*** Input material ***

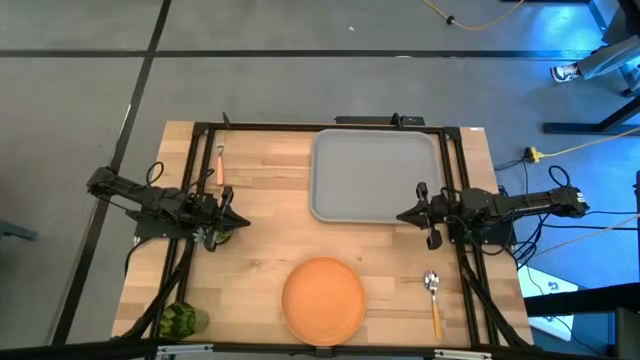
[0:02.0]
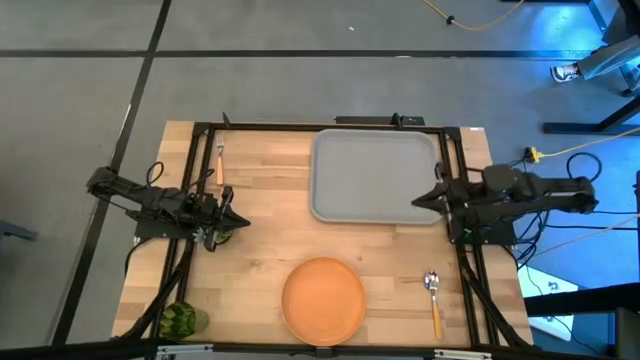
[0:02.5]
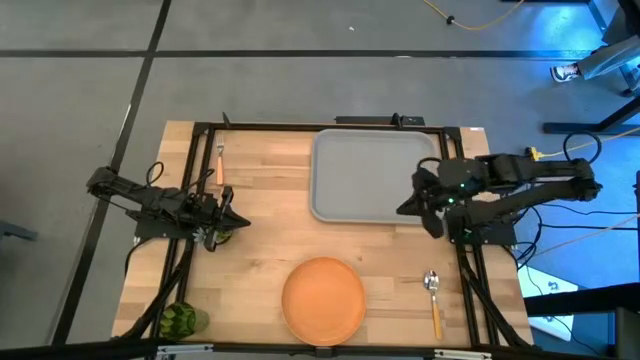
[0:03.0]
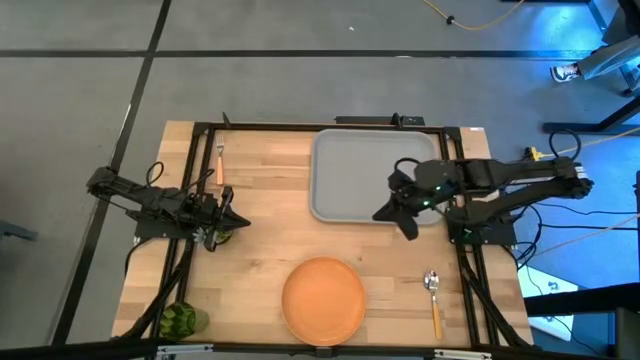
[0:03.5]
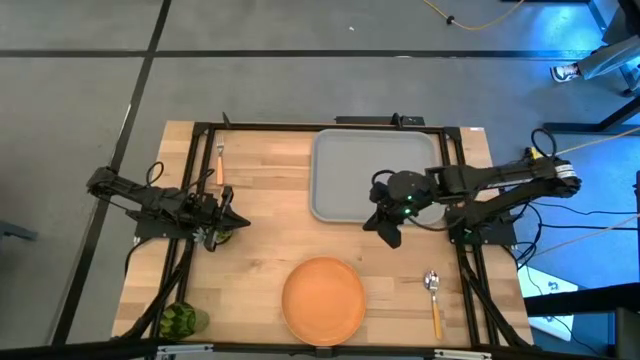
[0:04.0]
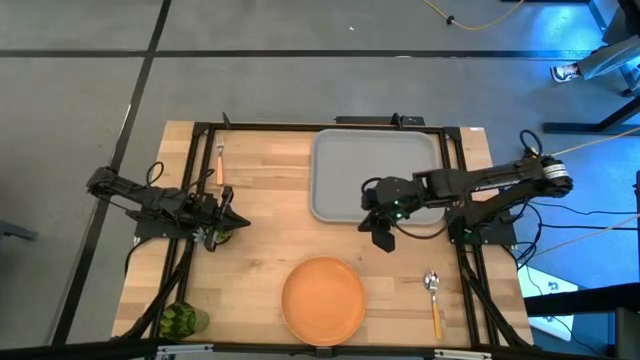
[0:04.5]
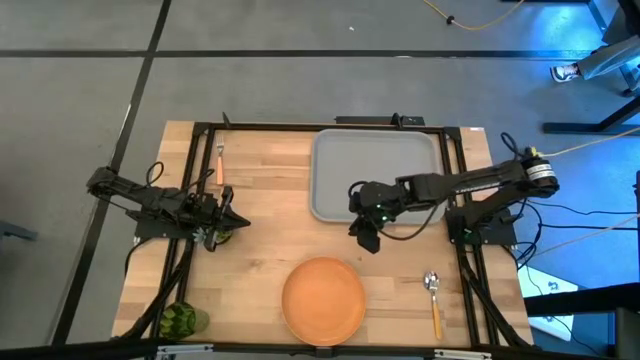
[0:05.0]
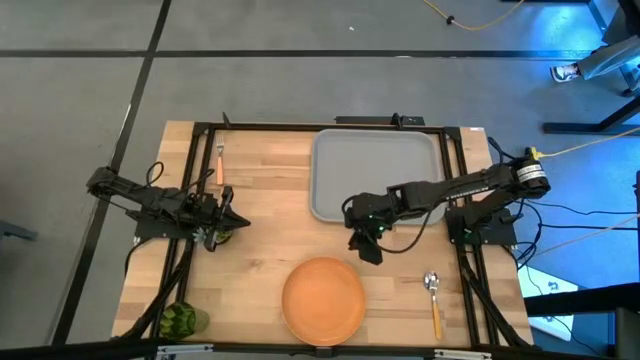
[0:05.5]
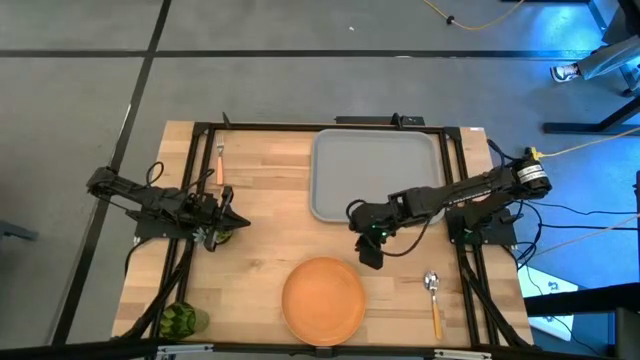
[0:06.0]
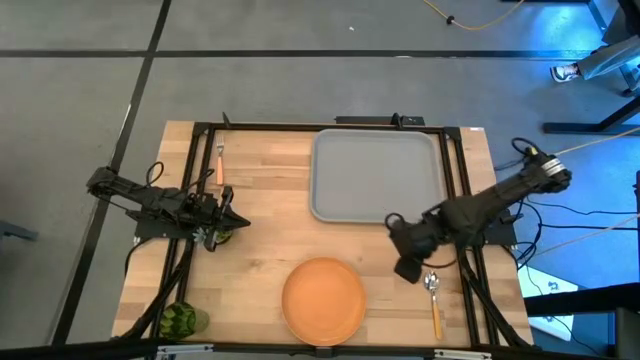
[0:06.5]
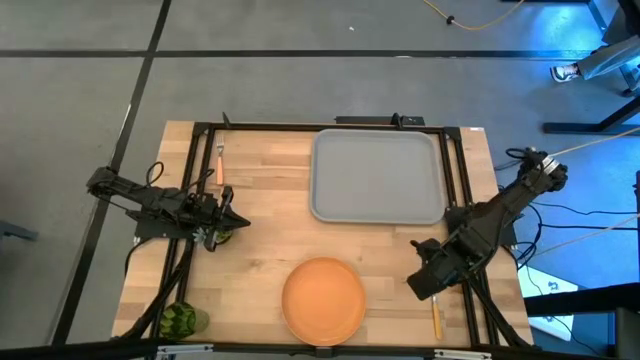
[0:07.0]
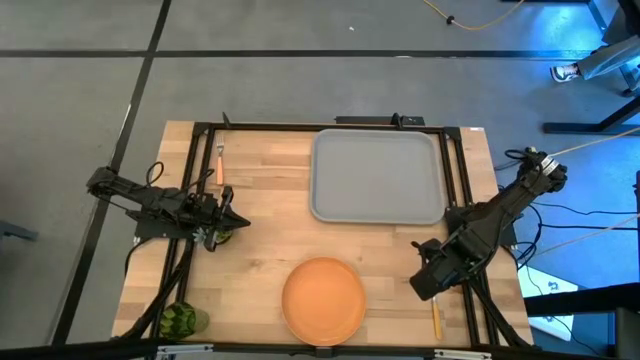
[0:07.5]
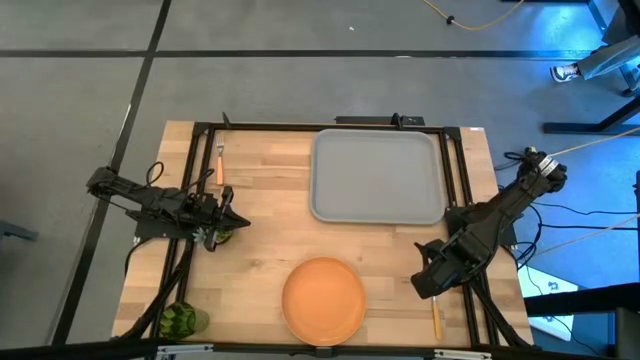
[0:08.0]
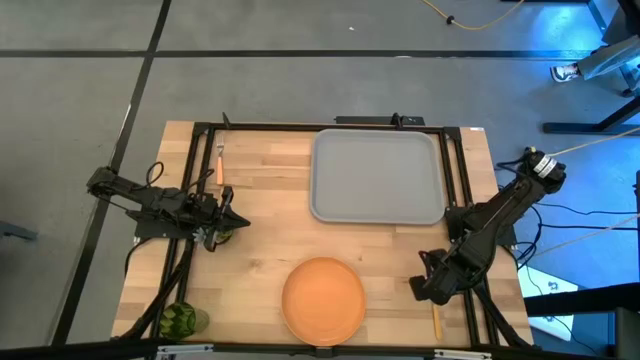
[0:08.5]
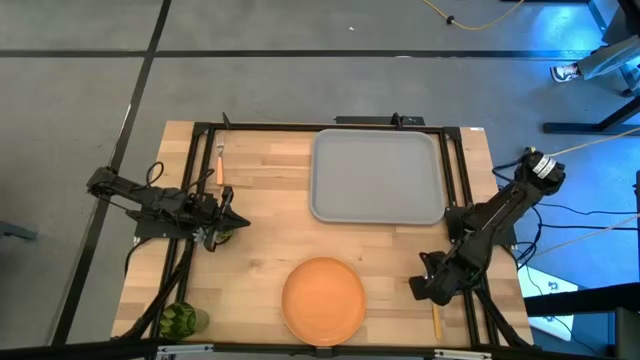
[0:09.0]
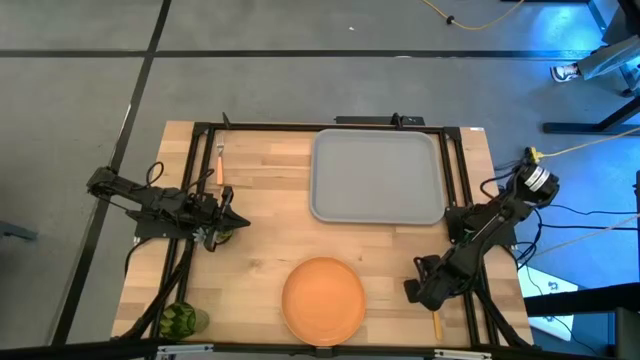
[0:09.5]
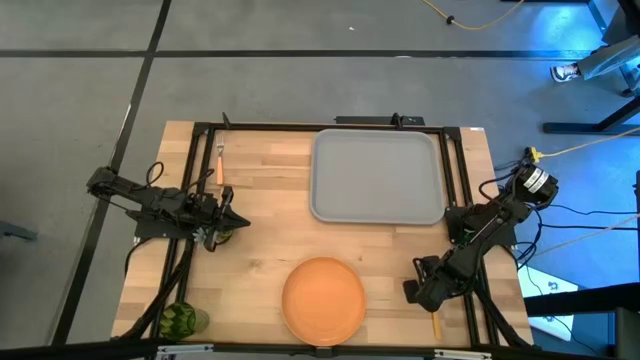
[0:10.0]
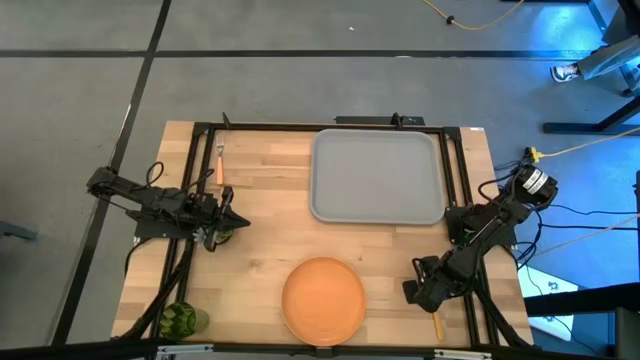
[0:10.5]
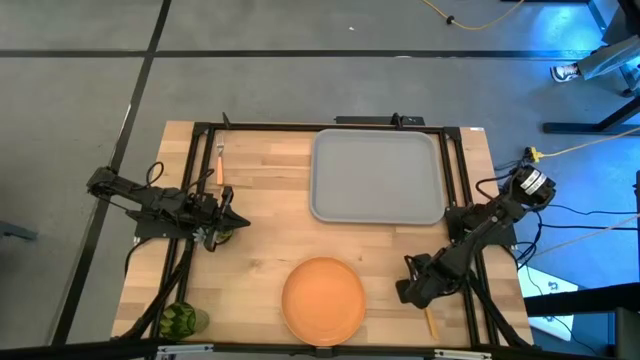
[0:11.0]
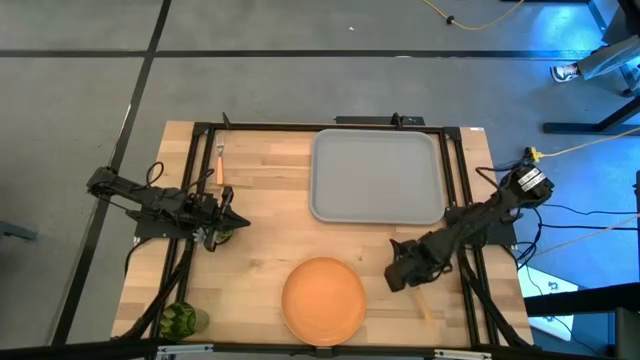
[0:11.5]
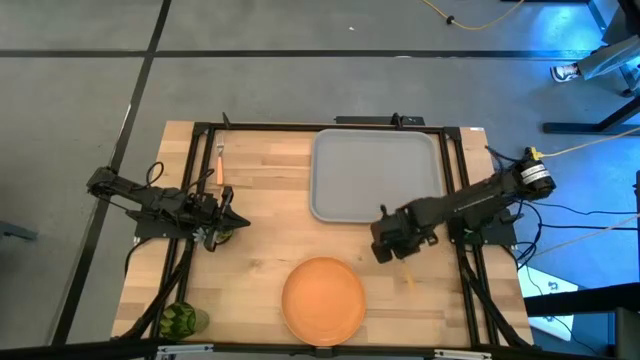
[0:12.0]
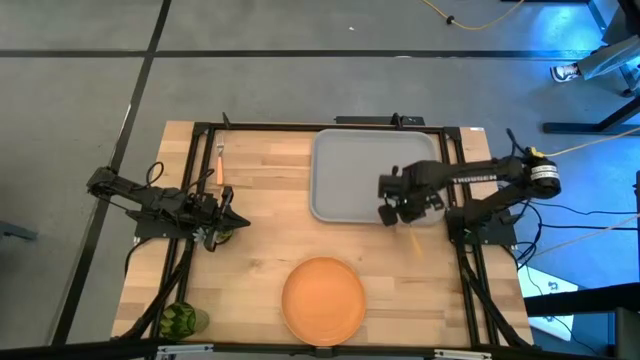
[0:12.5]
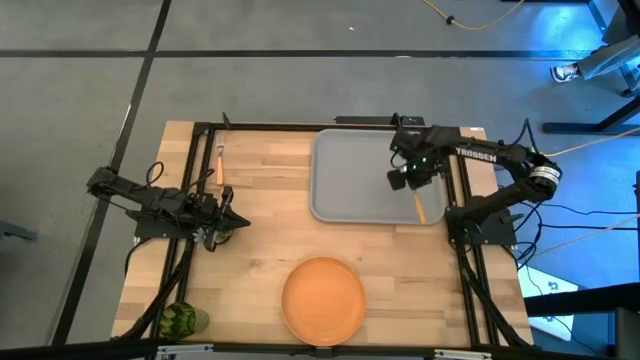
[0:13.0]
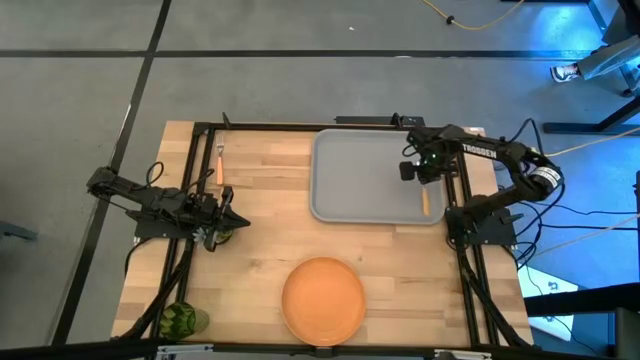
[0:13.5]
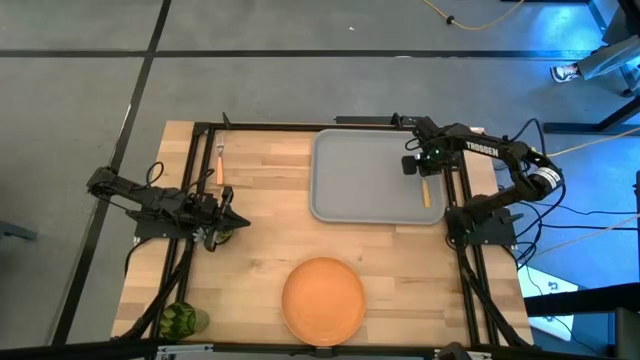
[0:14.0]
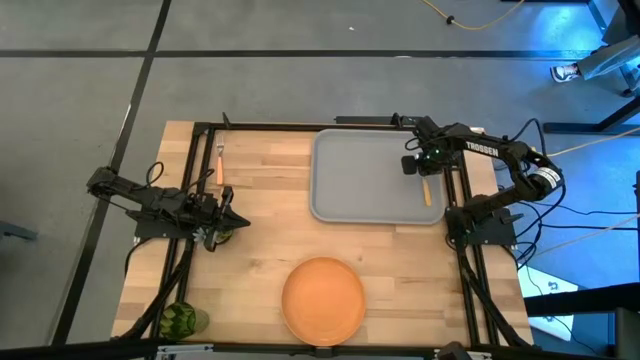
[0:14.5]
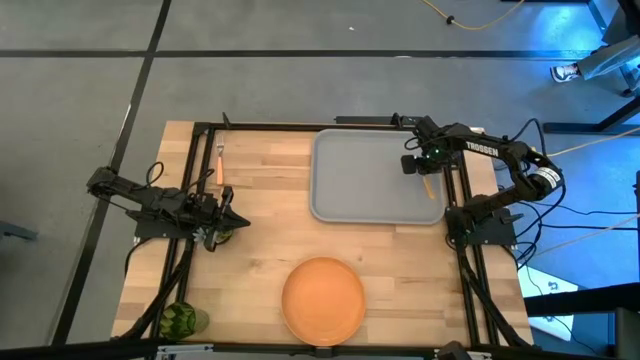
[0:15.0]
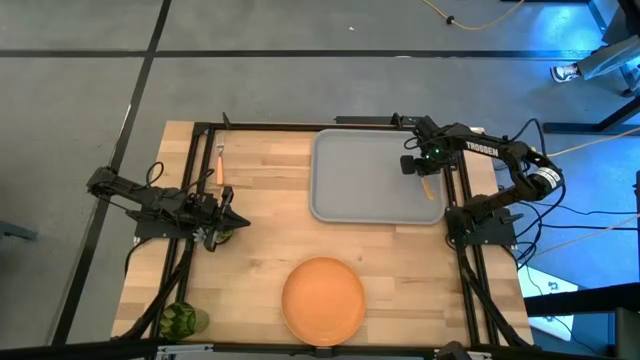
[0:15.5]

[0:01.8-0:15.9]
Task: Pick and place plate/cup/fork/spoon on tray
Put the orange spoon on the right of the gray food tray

*** End of Input material ***

Exactly reproduce each record, leaving out any pictures.

_Result of this task_
[0:02.0]
[0:02.5]
[0:03.0]
[0:03.5]
[0:04.0]
[0:04.5]
[0:05.0]
[0:05.5]
[0:06.0]
[0:06.5]
[0:07.0]
[0:07.5]
[0:08.0]
[0:08.5]
[0:09.0]
[0:09.5]
[0:10.0]
[0:10.5]
[0:11.0]
[0:11.5]
[0:12.0]
[0:12.5]
[0:13.0]
[0:13.5]
[0:14.0]
[0:14.5]
[0:15.0]
[0:15.5]

[0:01.8-0:15.9]
Task: Pick and place plate/cup/fork/spoon on tray
Put the orange spoon on the right of the gray food tray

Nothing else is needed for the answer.